Aatish Taseer is the author of two already notable works. The Temple-Goers is his debut novel, a tense political thriller full of bribery, betrayal, and murder. His sophomore effort, Stranger to History, is a memoir analyzing the Muslim world, and its scathing critiques strained his already distant relationship with his father. Taseer was all set to climb out of polemics and delve back into the world of fiction when his father was surprisingly murdered. This tragedy adds palpable urgency to Noon, a sprawling account of moral degradation in late 20th/early 21st century India and Pakistan.
Noon is Rehan Tabassum’s coming of age story. Like Taseer himself, Rehan’s heritage is split. He lives in Delhi with his mother, a successful lawyer now married to a wealthy industrialist, but his biological father, a telecommunications mogul, is a Pakistani Muslim living in Port bin Qasim. Curiosity for this buried root of his family tree draws Rehan out of the opulent comfort of his mother’s Indian home down into the seedy underbelly of Pakistan.
Noon reflects many of the experiences of its author. In his early 20s, Taseer visited several Islamic countries, including Iran, Turkey, and Saudia Arabia, in order to gather material for Stranger to History. He capped it off with a visit to Pakistan, where he finally met his real father. Rehan attempts to forge a similar relationship by navigating his real father’s corrupt world. Noon’s careful yet nimble prose captures the visceral quality of this world in decline through a keenly critical and coldly detached lens.
The non-linear narrative begins in 2006, jumps back to 1989, and then jumps back further to 1986 before plowing through two decades. By the time we reach 2011, an apropos summary of the journey thus far is offered. “If everyone has a book in them,” Rehan says, his own cannot be one with “a beginning, a middle and an end.” It is a mistake, he concludes, to “string life together” in an attempt to “appear as whole before the world.” Speaking as a surrogate for Taseer, Rehan is one-hundred percent correct: Noon does not appear as whole before the world. By Part 3, one wonders what the big picture is. The truth, if we take Rehan/Taseer at their word, is that there is no big picture. This isn’t a problem per se, but there will be many readers looking for one and coming up empty-handed.
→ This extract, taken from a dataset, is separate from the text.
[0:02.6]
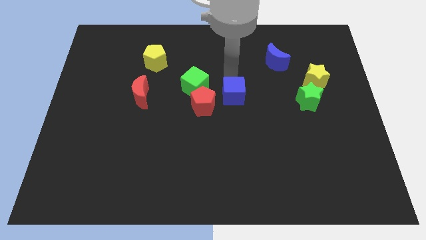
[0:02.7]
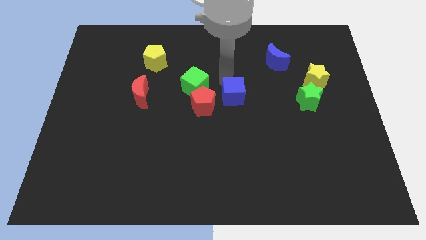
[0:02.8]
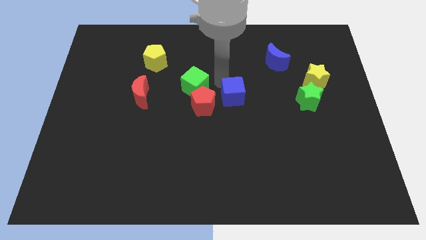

Those not in need of such grandiosity will enjoy the narrative circularity. Moral corruption, greed, and violence are not glamorized or sensationalized; they are recursive facts of life, eternally returning as Nietzsche would’ve guessed, and modern day Pakistan is not immune. As we jump from decade to decade, from protagonist to protagonist, we finally settle on Rehan’s quest. But at this point, we wonder if Noon is, in fact, Rehan’s story, and not India and Pakistan’s story?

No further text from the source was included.